俺は魔力の弾を交わしながら、シェリルに聞く。
「おい、シェリル。まさかこれが、本気じゃあないよなぁ?」
「勿論、今の私の力は三割くらいかな」
シェリルは無数の魔力の弾での攻撃を辞めて言う。
それなら良かった。
これで本気だと言われたら、間違いなくキレてたな俺。
これが本気じゃないなら、マジで期待できるな。
「だったら、そろそろ本気で来いよ。
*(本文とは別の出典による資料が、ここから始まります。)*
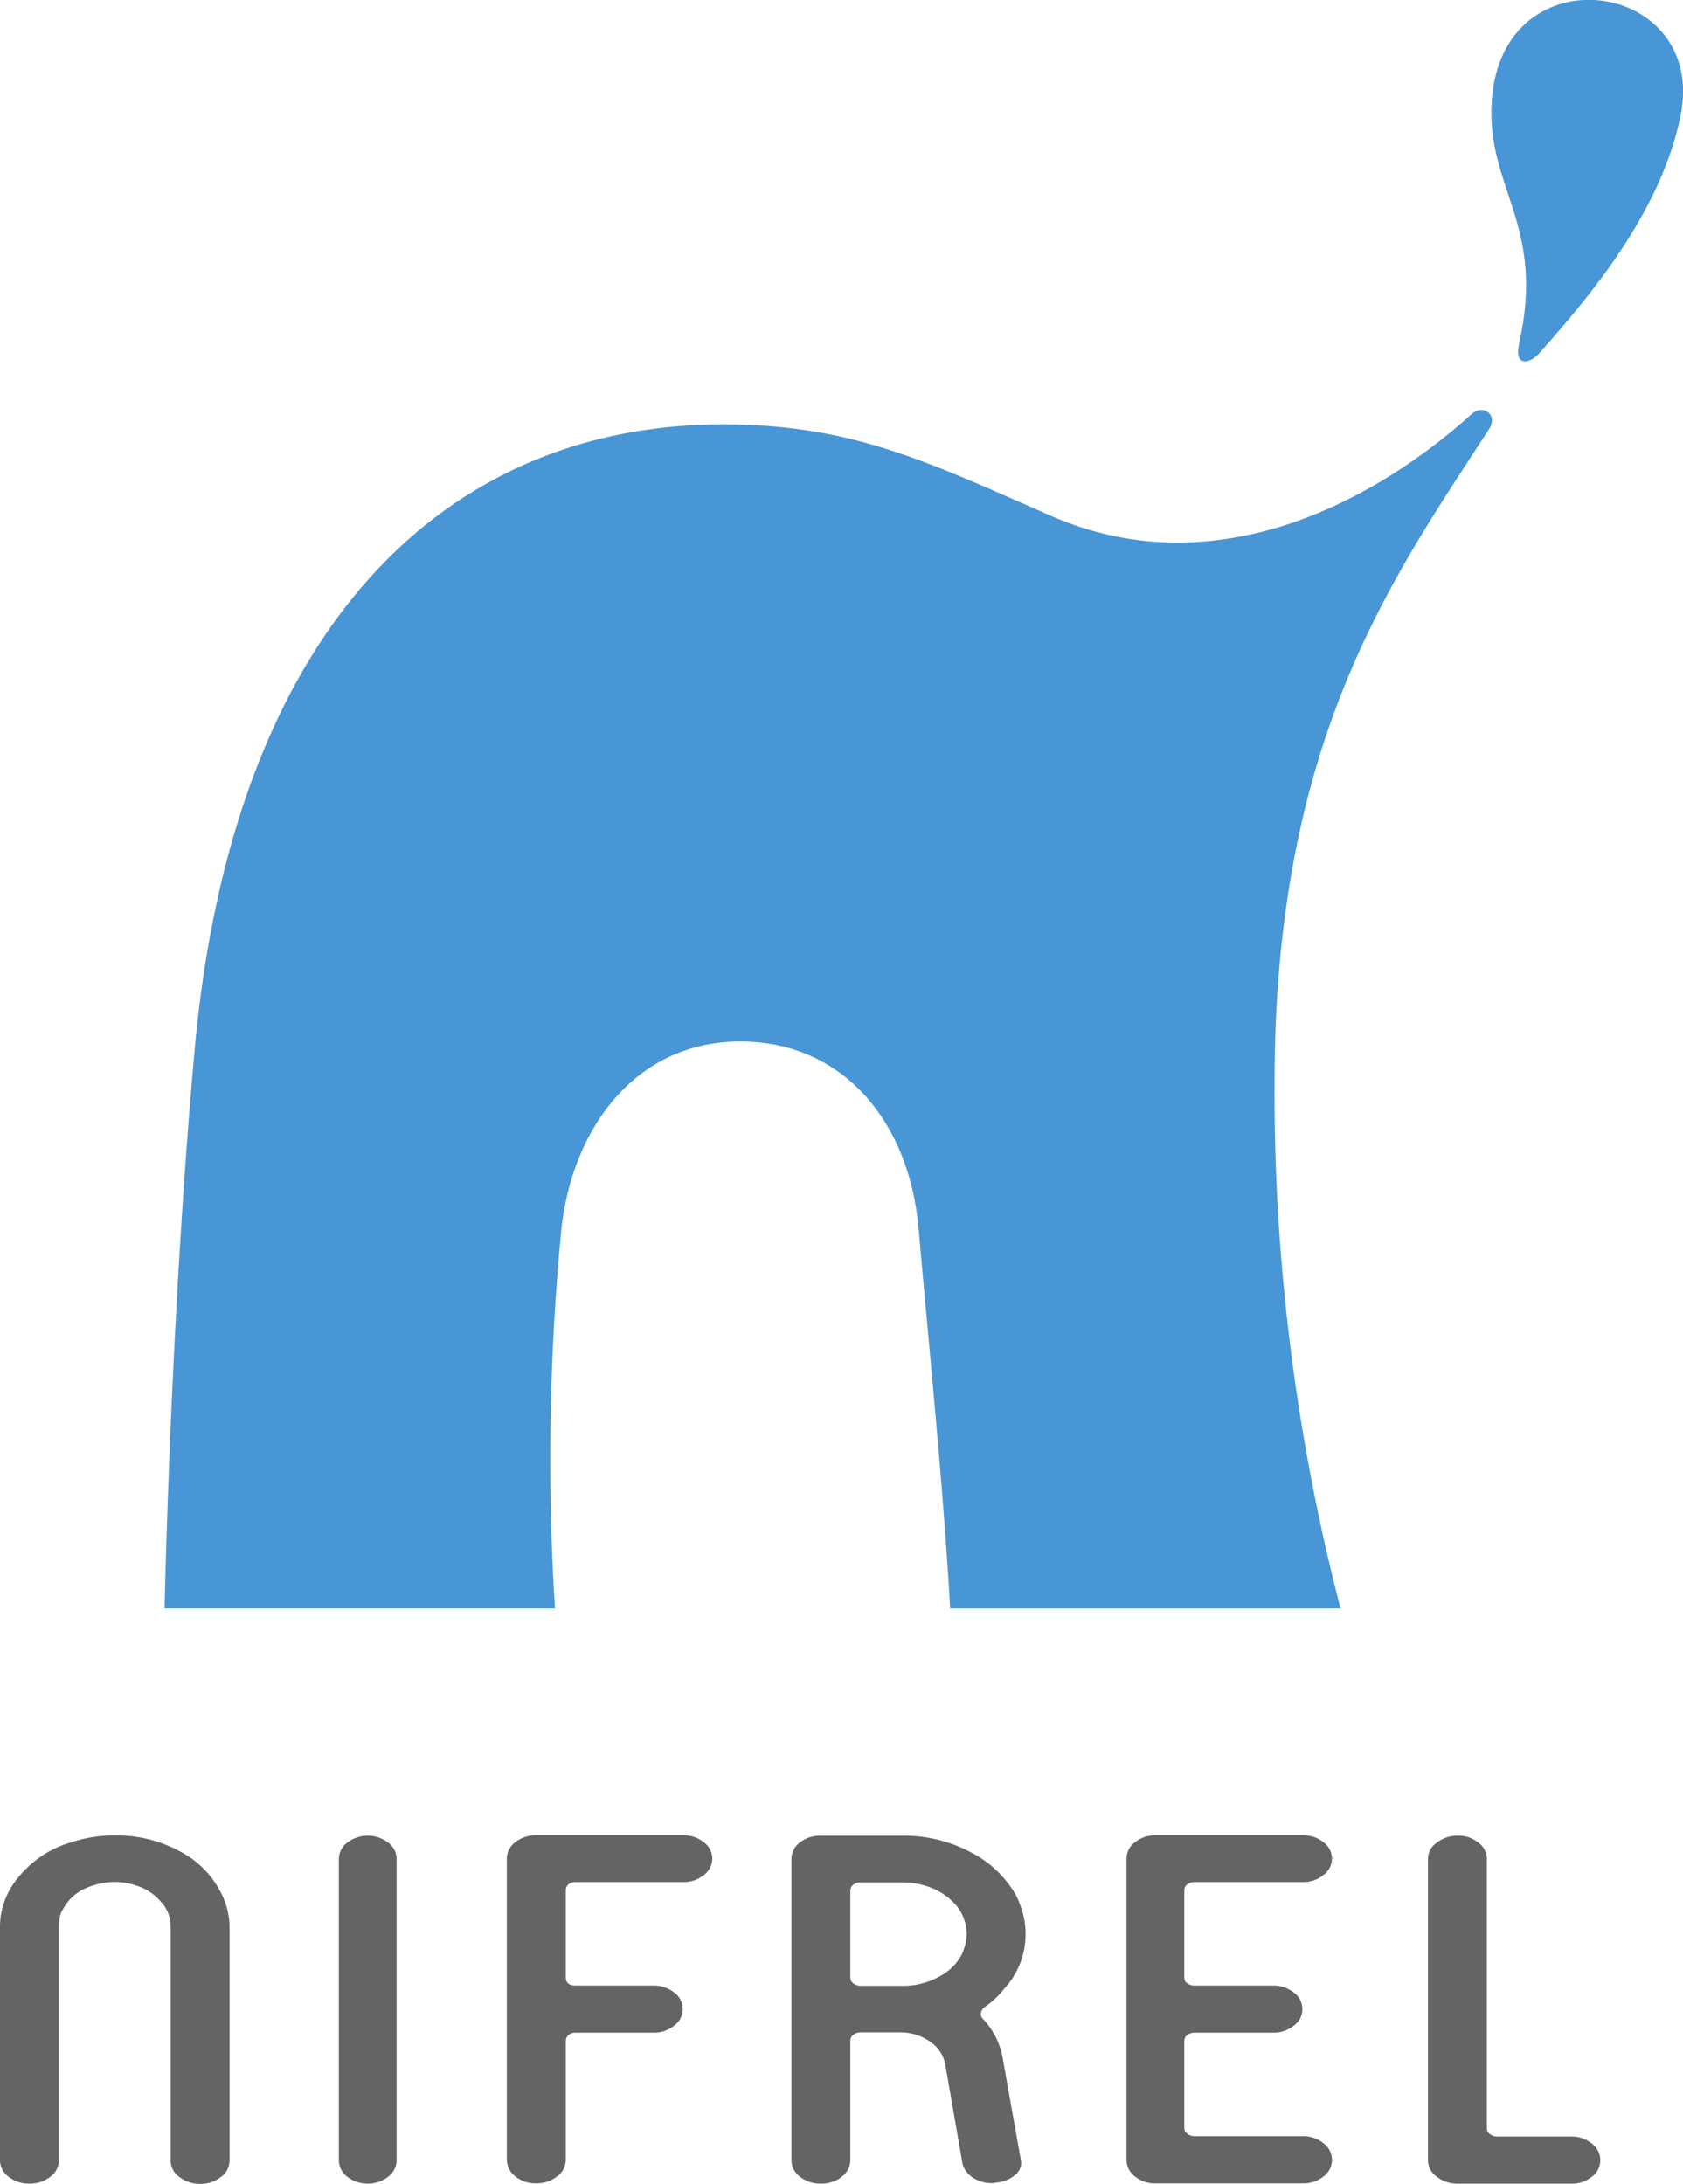 <svg xmlns="http://www.w3.org/2000/svg" xmlns:xlink="http://www.w3.org/1999/xlink" width="50.869" height="66" viewBox="0 0 50.869 66"><defs><clipPath id="a"><rect width="50.869" height="66" fill="none"/></clipPath></defs><g clip-path="url(#a)"><path d="M61.534,121.28c-.279-3.257-2.294-5.67-5.391-5.67s-5.039,2.53-5.4,5.606a72.173,72.173,0,0,0-.2,11.529h-11.8s.183-8.914.914-16.93c1.184-12.937,7.79-19.1,16.492-18.849,3.539.1,5.719,1.144,9.378,2.754,4.83,2.121,9.613-.27,12.735-3.083.334-.289.77.022.535.431-2.817,4.361-6.188,8.977-6.484,18.437a61.983,61.983,0,0,0,1.974,17.241h-11.8c-.2-3.639-.67-8.208-.951-11.465" transform="translate(-33.769 -84.133)" fill="#4896d5"/><path d="M351.977,10.4c.828-3.634-1.007-4.707-.821-7.37.319-4.554,6.563-3.645,5.7.493-.6,2.9-2.724,5.417-4.262,7.151-.305.344-.766.4-.613-.275" transform="translate(-306.066 0)" fill="#4896d5"/><path d="M0,441.923V434.85a2.226,2.226,0,0,1,.154-.811,2.4,2.4,0,0,1,.443-.726,3.169,3.169,0,0,1,1.526-1,4.222,4.222,0,0,1,1.351-.217,3.97,3.97,0,0,1,1.938.47,2.84,2.84,0,0,1,1.237,1.207,2.3,2.3,0,0,1,.289,1.081v7.072a.615.615,0,0,1-.263.495.977.977,0,0,1-.623.207.994.994,0,0,1-.627-.207.611.611,0,0,1-.268-.495V434.85a1.065,1.065,0,0,0-.289-.744,1.615,1.615,0,0,0-.737-.491,2.094,2.094,0,0,0-.657-.112,2.211,2.211,0,0,0-.956.224,1.418,1.418,0,0,0-.614.6.726.726,0,0,0-.1.252,1.475,1.475,0,0,0-.026.267v7.072a.616.616,0,0,1-.259.495.985.985,0,0,1-.636.207.975.975,0,0,1-.622-.207A.614.614,0,0,1,0,441.923" transform="translate(0 -376.624)" fill="#646464"/><path d="M79.785,442v-9.1a.617.617,0,0,1,.257-.495,1.018,1.018,0,0,1,1.23,0,.616.616,0,0,1,.258.495V442a.631.631,0,0,1-.258.509,1.019,1.019,0,0,1-1.23,0,.632.632,0,0,1-.257-.509" transform="translate(-69.543 -376.718)" fill="#646464"/><path d="M119.33,441.893v-9.1a.617.617,0,0,1,.259-.495.959.959,0,0,1,.618-.207h4.456a.959.959,0,0,1,.618.207.617.617,0,0,1,.259.495.626.626,0,0,1-.258.5.946.946,0,0,1-.617.211h-3.247a.335.335,0,0,0-.223.07.227.227,0,0,0-.083.182v2.631c0,.164.1.246.306.246h2.344a.974.974,0,0,1,.621.207.614.614,0,0,1,0,1.007.961.961,0,0,1-.621.21h-2.344a.336.336,0,0,0-.223.07.235.235,0,0,0-.083.189v3.578a.623.623,0,0,1-.269.509,1,1,0,0,1-.63.207.967.967,0,0,1-.621-.207.628.628,0,0,1-.26-.509" transform="translate(-104.011 -376.622)" fill="#646464"/><path d="M186.339,442v-9.1a.623.623,0,0,1,.263-.5.978.978,0,0,1,.632-.2h2.447a4.281,4.281,0,0,1,2.078.5,3.3,3.3,0,0,1,1.368,1.3,3.089,3.089,0,0,1,.214.576,2.323,2.323,0,0,1,.075.589,2.435,2.435,0,0,1-.647,1.663,2.4,2.4,0,0,1-.276.3,2.531,2.531,0,0,1-.319.256.278.278,0,0,0-.106.172.185.185,0,0,0,.052.172,2.31,2.31,0,0,1,.6,1.166l.113.639.136.762q.07.4.136.761c.043.243.079.444.107.6l.062.347a.55.55,0,0,1,.009.095.468.468,0,0,1-.177.35,1.019,1.019,0,0,1-.591.237.375.375,0,0,1-.123.014,1,1,0,0,1-.577-.172.718.718,0,0,1-.312-.445q0-.014-.061-.365l-.146-.837q-.085-.487-.17-.977l-.141-.81a1.068,1.068,0,0,0-.463-.674,1.541,1.541,0,0,0-.9-.274h-1.18a.37.37,0,0,0-.231.07.226.226,0,0,0-.092.189V442a.628.628,0,0,1-.26.508.968.968,0,0,1-.621.207,1,1,0,0,1-.639-.207.628.628,0,0,1-.26-.508m1.781-5.508a.216.216,0,0,0,.092.172.358.358,0,0,0,.232.073h1.242a2.215,2.215,0,0,0,1.085-.26,1.6,1.6,0,0,0,.717-.687,1.632,1.632,0,0,0,.149-.617,1.4,1.4,0,0,0-.324-.877,1.967,1.967,0,0,0-.857-.561,2.412,2.412,0,0,0-.77-.126h-1.242a.37.37,0,0,0-.232.07.22.22,0,0,0-.092.182Z" transform="translate(-162.418 -376.719)" fill="#646464"/><path d="M265.238,441.893v-9.1a.617.617,0,0,1,.259-.495.96.96,0,0,1,.618-.207h4.456a.96.96,0,0,1,.618.207.617.617,0,0,1,.259.495.625.625,0,0,1-.259.5.953.953,0,0,1-.62.211h-3.26a.373.373,0,0,0-.233.07.218.218,0,0,0-.092.182v2.631a.209.209,0,0,0,.092.179.384.384,0,0,0,.233.067h2.356a.981.981,0,0,1,.624.207.612.612,0,0,1,0,1.007.969.969,0,0,1-.624.21h-2.356a.374.374,0,0,0-.233.07.225.225,0,0,0-.092.189v2.624a.215.215,0,0,0,.092.172.361.361,0,0,0,.233.074h3.26a.952.952,0,0,1,.62.211.619.619,0,0,1,0,1.007.96.96,0,0,1-.618.207h-4.456a.959.959,0,0,1-.618-.207.63.63,0,0,1-.259-.509" transform="translate(-231.189 -376.622)" fill="#646464"/><path d="M336.211,442v-9.1a.606.606,0,0,1,.272-.495,1.011,1.011,0,0,1,.631-.207.958.958,0,0,1,.618.207.616.616,0,0,1,.259.495v8.146a.216.216,0,0,0,.092.172.362.362,0,0,0,.232.073h2.228a.949.949,0,0,1,.618.211.619.619,0,0,1,0,1.007.96.96,0,0,1-.618.207h-3.429a1.012,1.012,0,0,1-.631-.207.62.62,0,0,1-.272-.509" transform="translate(-293.051 -376.718)" fill="#646464"/></g></svg>

準備運動はもういいだろ?」
俺はシェリルの本気が待ちきれず、シェリルに本気を出すように言う。
「そうだね、君も痺れを切らしている様だしね! それじゃあ、お望み通り本気を出すとしようかな」
そう言ってシェリルは、杖を前に突き出して息を整える。
やっと、シェリルの本気が見れんのか。
さぁて、どんなのが来んのかなぁ。
俺の三割の力というと臨界突破か……。
シェリルの本気は臨界突破を使うに値するのかどうか、見せてもらおうじゃないか。
「行くよ! ゼローグ殿! 臨界突破!」
――っ! ハハッ! 本気かよっ!
まさか、シェリルが臨界突破を使えるとは……。
シェリルの持っていた杖は、光り輝き粒子となりシェリルの全身を覆っていく!
光の粒子はシェリルの全身を覆った後、鎧を形成していく!
あれが、シェリルの所有する神器全てを従えし魔術の王女の、臨界突破者の姿か……。
まるで絵本に出てくる様な魔女を模した黒い全身鎧だが、王女が着るようなドレスにも見える。
……あぁ、そうか……。
それで魔術の王女って訳ね……。
「フフフ、ククク、フハハハハハハハ! 本格的に面白くなってきたじゃねぇかっ!」
いいぜ、いいぜ。
最っ高に面白くなってきたぁ!
久しぶりに本気で、楽しめそうな戦いになりそうだ!
「臨界突破者、全てを従えし魔術の王女、全身鎧!」
何だと!? 臨界突破者になって神器の名が変わった?
そんな臨界突破すると名前の変わる神器があるのか……。
まぁ、考えるのは後だ。
そんじゃあ、俺も臨界突破するとしよう。
「臨界突破!」
変化する鎧は光の粒子となり、俺の全身を覆った後鎧を形成する!
「臨界突破者! 変化する鎧、全身鎧!」
そういえば、変化する鎧の臨界突破者状態で、戦うのはルイーザとの修行を除けば初だな。
「――っ!」
シェリルは俺の変化に驚くが、直ぐに気を取り直した。
「さぁ! ここからが本番だ! 行くぞ、シェリルぅぅぅ!」
俺とシェリルはお互いに飛び出して行き、俺達の戦いは先程よりも更に激化した――。